High CPU Usage in Multi-Process GStreamer Video Sharing Architecture

Summary

A GStreamer-based video streaming system on i.MX8 experienced 360% CPU utilization when sharing raw camera frames across producer and multiple consumer processes. The architecture used shmsink/shmsrc for inter-process communication, resulting in severe performance degradation due to memory copy overhead and lack of zero-copy buffer sharing. The root cause was inefficient raw frame distribution across process boundaries without leveraging hardware-accelerated buffer sharing mechanisms available on the platform.

Root Cause

The excessive CPU usage stemmed from fundamental architectural flaws in how raw video frames were shared between processes:

Primary causes:

  • Memory copy overhead: shmsink/shmsrc performs full buffer copies for each consumer rather than zero-copy sharing
  • Independent per-branch processing: Each consumer independently performed scaling and framerate conversion on identical raw frames
  • No DMABUF sharing: Hardware-accelerated dmabuf buffers were not exported across process boundaries
  • Redundant computation: Multiple processes performed identical frame transformations (scaling, color space conversion)

Technical breakdown:

  • Raw NV12 1080p frame size: ~3MB per frame
  • Memory bandwidth per frame: 3MB × 30 fps = 90MB/s minimum per consumer
  • With 3 consumers: 270MB/s aggregate memory traffic
  • Each shmsrc instance triggers separate memory allocation and copy operations

Why This Happens in Real Systems

This pattern emerges frequently in embedded multimedia systems due to misaligned abstractions between GStreamer elements and hardware capabilities.
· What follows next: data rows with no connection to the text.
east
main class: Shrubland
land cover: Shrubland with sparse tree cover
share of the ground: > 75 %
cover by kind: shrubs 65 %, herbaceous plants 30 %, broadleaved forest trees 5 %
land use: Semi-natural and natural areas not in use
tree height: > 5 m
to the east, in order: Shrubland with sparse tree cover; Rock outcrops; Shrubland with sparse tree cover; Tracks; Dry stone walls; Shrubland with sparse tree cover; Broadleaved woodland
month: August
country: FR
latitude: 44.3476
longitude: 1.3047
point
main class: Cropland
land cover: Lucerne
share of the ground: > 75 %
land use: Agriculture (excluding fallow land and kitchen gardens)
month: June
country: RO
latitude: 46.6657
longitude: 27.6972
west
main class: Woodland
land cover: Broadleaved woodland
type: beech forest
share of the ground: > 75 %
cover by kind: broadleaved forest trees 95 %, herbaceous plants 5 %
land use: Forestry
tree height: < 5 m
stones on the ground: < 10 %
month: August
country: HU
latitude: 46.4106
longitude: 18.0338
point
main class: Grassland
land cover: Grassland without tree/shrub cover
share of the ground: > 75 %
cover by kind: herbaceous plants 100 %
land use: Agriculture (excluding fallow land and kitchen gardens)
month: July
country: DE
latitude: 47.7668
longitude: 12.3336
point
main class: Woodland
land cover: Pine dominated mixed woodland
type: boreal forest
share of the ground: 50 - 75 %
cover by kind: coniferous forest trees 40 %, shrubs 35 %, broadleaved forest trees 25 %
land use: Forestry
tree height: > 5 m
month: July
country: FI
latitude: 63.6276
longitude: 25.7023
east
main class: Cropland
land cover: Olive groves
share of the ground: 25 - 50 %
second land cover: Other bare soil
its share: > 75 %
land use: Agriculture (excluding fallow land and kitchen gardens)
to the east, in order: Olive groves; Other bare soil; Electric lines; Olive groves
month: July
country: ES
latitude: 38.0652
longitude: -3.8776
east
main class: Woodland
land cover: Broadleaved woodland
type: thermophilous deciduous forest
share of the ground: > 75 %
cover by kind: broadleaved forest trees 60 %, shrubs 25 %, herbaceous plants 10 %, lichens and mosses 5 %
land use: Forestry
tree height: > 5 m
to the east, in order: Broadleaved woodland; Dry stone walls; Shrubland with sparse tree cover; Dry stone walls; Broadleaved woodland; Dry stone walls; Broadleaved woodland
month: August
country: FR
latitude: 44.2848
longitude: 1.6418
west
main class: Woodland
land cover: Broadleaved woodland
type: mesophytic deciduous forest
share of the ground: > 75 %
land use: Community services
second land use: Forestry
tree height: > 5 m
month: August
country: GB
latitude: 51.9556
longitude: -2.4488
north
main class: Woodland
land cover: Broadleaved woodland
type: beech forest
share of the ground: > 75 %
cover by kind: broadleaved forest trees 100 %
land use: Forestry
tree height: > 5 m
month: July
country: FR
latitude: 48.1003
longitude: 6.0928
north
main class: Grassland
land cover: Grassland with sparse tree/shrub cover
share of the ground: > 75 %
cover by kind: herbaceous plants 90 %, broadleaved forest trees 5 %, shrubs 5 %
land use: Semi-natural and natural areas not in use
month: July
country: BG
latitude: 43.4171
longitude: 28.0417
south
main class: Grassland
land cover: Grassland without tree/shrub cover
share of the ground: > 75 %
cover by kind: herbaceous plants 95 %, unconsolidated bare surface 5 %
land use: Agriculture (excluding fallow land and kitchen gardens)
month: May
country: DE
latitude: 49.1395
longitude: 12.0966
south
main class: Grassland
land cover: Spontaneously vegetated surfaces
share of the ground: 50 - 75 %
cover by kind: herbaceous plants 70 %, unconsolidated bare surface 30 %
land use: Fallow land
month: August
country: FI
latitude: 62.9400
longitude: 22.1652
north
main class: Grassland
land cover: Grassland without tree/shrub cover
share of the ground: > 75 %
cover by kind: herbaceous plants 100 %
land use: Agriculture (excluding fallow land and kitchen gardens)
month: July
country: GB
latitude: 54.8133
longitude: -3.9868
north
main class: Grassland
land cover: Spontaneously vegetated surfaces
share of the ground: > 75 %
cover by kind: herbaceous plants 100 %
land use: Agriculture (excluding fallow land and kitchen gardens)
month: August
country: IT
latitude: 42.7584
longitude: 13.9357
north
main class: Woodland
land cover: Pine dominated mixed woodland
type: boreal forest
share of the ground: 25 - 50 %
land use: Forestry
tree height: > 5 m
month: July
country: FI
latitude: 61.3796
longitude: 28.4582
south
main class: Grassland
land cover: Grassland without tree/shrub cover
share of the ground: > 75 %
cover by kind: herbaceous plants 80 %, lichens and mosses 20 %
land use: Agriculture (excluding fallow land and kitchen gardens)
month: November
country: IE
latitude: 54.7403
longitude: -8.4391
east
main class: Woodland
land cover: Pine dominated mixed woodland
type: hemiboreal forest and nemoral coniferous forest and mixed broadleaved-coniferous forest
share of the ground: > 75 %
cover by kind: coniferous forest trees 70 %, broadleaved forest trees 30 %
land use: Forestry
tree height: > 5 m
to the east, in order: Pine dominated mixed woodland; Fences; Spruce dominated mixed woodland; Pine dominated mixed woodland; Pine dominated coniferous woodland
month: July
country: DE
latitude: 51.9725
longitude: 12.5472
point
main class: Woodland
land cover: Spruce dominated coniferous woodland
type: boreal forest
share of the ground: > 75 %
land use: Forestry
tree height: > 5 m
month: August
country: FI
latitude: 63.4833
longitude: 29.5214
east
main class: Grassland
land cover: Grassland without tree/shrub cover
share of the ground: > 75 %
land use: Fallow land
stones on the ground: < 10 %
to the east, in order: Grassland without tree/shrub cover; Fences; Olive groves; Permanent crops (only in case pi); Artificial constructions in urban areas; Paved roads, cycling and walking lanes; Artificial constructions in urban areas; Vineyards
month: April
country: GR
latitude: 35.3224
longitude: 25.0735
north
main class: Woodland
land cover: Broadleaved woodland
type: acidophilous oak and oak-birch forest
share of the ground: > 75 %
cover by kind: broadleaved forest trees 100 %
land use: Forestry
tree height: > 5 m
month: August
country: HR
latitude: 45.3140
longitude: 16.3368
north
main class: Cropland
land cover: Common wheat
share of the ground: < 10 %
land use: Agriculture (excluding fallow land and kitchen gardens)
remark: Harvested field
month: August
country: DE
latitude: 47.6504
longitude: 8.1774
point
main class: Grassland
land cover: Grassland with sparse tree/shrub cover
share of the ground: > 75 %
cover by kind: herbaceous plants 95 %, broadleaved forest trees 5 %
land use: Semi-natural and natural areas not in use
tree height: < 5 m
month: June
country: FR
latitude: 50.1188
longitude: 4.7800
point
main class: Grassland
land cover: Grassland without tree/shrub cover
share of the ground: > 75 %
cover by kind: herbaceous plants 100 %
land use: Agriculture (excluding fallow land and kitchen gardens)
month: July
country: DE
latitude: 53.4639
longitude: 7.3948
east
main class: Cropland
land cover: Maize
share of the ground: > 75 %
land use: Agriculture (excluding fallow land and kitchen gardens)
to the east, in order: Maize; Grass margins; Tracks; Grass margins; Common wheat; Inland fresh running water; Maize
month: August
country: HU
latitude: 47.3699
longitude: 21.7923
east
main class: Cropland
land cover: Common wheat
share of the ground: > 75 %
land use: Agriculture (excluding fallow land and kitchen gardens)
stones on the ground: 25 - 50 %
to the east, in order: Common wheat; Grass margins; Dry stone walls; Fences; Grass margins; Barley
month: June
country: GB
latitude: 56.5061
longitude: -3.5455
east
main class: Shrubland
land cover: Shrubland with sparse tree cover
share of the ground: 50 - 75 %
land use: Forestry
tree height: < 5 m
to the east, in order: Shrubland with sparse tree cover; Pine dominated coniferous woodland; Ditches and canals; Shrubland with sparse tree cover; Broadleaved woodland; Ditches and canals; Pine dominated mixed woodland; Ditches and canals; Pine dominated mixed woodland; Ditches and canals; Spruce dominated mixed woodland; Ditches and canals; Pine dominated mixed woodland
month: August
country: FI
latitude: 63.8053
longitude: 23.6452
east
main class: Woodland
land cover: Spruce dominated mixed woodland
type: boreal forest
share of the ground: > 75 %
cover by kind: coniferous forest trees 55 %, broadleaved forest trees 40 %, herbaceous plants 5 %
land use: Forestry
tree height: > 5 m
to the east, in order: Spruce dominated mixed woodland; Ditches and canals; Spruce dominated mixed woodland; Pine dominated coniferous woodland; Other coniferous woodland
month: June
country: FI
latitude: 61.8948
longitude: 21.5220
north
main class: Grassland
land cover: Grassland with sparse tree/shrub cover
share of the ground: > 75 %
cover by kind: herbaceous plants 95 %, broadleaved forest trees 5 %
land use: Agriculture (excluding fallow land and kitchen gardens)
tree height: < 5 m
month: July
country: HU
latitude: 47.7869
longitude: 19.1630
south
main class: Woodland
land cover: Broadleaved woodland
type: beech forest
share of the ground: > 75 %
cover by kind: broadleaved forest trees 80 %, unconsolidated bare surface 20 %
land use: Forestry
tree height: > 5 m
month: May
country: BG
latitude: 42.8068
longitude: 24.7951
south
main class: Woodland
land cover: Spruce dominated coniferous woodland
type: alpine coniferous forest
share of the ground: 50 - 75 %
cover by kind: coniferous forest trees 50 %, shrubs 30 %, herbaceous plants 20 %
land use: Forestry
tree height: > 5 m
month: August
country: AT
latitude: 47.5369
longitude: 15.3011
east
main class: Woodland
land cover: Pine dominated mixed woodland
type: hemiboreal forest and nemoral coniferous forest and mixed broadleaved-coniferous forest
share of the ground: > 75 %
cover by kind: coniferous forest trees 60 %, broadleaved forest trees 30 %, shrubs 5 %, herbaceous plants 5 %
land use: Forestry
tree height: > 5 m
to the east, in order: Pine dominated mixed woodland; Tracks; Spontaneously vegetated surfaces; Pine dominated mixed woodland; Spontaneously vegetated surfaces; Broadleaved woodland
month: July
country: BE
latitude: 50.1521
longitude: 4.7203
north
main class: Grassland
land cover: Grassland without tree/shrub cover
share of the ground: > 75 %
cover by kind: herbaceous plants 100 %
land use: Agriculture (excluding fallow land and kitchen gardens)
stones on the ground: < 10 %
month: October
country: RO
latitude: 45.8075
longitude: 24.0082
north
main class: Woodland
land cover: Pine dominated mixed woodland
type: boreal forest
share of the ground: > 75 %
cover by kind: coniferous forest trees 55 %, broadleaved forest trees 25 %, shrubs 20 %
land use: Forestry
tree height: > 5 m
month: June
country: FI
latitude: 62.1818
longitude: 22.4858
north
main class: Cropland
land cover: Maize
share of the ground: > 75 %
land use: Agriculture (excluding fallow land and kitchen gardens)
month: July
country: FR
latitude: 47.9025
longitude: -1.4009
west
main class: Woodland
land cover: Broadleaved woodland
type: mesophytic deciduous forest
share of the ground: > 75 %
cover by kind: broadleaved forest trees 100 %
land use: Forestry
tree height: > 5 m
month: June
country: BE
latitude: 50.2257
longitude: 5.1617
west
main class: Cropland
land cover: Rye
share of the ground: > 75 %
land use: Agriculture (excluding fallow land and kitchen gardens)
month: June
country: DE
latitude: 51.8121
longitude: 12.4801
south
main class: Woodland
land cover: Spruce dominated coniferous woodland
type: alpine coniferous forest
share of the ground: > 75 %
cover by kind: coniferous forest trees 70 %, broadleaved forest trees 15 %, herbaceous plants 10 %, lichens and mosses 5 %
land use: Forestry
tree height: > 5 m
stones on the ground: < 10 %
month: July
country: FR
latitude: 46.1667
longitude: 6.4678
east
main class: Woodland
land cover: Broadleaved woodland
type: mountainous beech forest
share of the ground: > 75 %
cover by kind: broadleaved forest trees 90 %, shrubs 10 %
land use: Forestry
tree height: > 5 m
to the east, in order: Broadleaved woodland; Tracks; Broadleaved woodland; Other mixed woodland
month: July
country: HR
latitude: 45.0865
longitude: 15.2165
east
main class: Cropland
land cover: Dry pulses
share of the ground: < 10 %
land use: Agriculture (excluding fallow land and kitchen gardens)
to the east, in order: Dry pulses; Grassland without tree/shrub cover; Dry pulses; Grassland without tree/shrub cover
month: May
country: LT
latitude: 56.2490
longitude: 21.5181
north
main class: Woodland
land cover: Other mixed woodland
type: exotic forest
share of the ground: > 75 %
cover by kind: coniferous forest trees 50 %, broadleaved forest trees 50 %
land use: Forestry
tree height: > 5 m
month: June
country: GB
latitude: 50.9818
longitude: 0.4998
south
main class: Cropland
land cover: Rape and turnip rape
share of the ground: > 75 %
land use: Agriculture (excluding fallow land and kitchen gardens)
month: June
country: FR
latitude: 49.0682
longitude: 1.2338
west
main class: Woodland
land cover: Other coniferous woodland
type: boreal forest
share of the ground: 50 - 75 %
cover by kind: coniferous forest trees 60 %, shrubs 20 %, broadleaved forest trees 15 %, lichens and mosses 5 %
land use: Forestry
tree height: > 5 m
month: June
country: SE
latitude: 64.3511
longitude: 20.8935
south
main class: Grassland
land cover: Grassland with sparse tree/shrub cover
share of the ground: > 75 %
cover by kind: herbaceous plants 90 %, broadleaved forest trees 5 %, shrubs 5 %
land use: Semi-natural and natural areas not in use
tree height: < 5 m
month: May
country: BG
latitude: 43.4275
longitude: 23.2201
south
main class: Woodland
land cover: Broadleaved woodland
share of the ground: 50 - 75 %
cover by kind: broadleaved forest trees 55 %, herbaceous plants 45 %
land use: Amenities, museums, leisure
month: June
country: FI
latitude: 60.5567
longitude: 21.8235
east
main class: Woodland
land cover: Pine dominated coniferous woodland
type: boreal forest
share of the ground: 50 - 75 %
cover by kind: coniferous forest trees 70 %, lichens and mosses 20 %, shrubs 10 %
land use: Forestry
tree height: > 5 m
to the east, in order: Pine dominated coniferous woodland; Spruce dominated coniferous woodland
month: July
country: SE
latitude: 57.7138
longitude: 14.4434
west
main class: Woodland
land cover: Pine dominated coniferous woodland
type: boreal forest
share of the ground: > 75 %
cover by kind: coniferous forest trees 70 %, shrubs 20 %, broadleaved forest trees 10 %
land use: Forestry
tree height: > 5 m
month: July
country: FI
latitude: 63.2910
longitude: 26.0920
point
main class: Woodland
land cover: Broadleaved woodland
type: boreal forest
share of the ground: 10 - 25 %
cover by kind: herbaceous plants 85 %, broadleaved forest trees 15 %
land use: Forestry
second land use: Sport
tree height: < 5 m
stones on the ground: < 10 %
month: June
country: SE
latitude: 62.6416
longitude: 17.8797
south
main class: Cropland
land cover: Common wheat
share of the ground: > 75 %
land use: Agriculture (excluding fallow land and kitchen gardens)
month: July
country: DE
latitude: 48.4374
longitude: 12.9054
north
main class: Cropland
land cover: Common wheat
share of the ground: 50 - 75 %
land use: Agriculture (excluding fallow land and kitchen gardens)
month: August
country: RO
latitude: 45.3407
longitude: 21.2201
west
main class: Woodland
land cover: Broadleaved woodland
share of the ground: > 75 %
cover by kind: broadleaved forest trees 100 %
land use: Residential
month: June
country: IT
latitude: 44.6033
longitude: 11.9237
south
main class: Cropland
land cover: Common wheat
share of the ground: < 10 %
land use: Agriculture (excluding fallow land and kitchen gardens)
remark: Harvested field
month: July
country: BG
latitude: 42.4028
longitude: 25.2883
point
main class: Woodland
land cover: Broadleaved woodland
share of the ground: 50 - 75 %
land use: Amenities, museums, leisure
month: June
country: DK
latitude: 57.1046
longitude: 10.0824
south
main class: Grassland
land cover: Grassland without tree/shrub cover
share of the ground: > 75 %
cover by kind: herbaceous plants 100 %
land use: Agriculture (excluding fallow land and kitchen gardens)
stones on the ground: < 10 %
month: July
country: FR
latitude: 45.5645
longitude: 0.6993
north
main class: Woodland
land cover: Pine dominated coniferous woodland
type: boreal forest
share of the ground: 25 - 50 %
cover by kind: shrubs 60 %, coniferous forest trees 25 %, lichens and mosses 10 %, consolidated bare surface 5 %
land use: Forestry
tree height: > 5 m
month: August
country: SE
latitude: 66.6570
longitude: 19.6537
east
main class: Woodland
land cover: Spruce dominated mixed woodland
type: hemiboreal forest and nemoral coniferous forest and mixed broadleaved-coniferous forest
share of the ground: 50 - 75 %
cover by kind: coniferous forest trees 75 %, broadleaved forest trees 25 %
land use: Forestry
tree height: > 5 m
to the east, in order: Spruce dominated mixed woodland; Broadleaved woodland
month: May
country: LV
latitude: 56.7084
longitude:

Common contributing factors:

  • GStreamer portability vs. platform optimization: Generic shmsink/shmsrc elements prioritize cross-platform compatibility over zero-copy efficiency
  • Documentation gap: Developers often overlook platform-specific buffer sharing mechanisms like dmabuf export/import
  • Premature abstraction: Using sockets/files for IPC before considering kernel-level buffer sharing
  • Mental model mismatch: Assuming shared memory means zero-copy without verifying element implementation details

Why the intuition fails:

Expected: shmsink → kernel shared memory region → all consumers map same physical pages
Reality: Each shmsrc creates separate mmap → copies data → individual process buffers

The socket-path interface suggests zero-copy sharing but internally manages copies for process isolation and GStreamer buffer management.

Real-World Impact

The performance degradation had cascading effects throughout the system:

Immediate impacts:

  • CPU saturation preventing real-time processing
  • Thermal throttling on embedded platform
  • Unreliable RTSP streaming under load
  • Inability to scale beyond 3 consumers

Business consequences:

  • Scalability ceiling: Could not add more consumers without dropping frames
  • Power consumption: High CPU usage reduced battery life (if battery-powered)
  • Latency jitter: Frame drops and processing delays affected real-time requirements
  • Maintenance burden: CPU headroom required constant monitoring

Cost implications:

  • Required hardware upgrade to higher-tier SoC
  • Development time spent firefighting performance issues
  • Customer dissatisfaction with streaming reliability

Example or Code

Problematic Architecture (High CPU)

# Producer pipeline - captures and shares raw frames
gst-launch-1.0 v4l2src device=/dev/video3 io-mode=dmabuf ! \
  video/x-raw,format=NV12,width=1920,height=1080,framerate=30/1 ! \
  queue ! shmsink socket-path=/tmp/cam.sock wait-for-connection=false sync=false

# Consumer 1 - Recording (independent processing)
gst-launch-1.0 shmsrc socket-path=/tmp/cam.sock is-live=true do-timestamp=true ! \
  video/x-raw,format=NV12,width=1920,height=1080,framerate=30/1 ! \
  videoscale ! videorate ! filesink location=record.mp4

# Consumer 2 - RTSP streaming (duplicate scaling/conversion)
gst-launch-1.0 shmsrc socket-path=/tmp/cam.sock is-live=true do-timestamp=true ! \
  video/x-raw,format=NV12,width=1920,height=1080,framerate=30/1 ! \
  videoscale ! videorate ! v4l2h264enc ! h264parse ! rtph264pay ! udpsink host=...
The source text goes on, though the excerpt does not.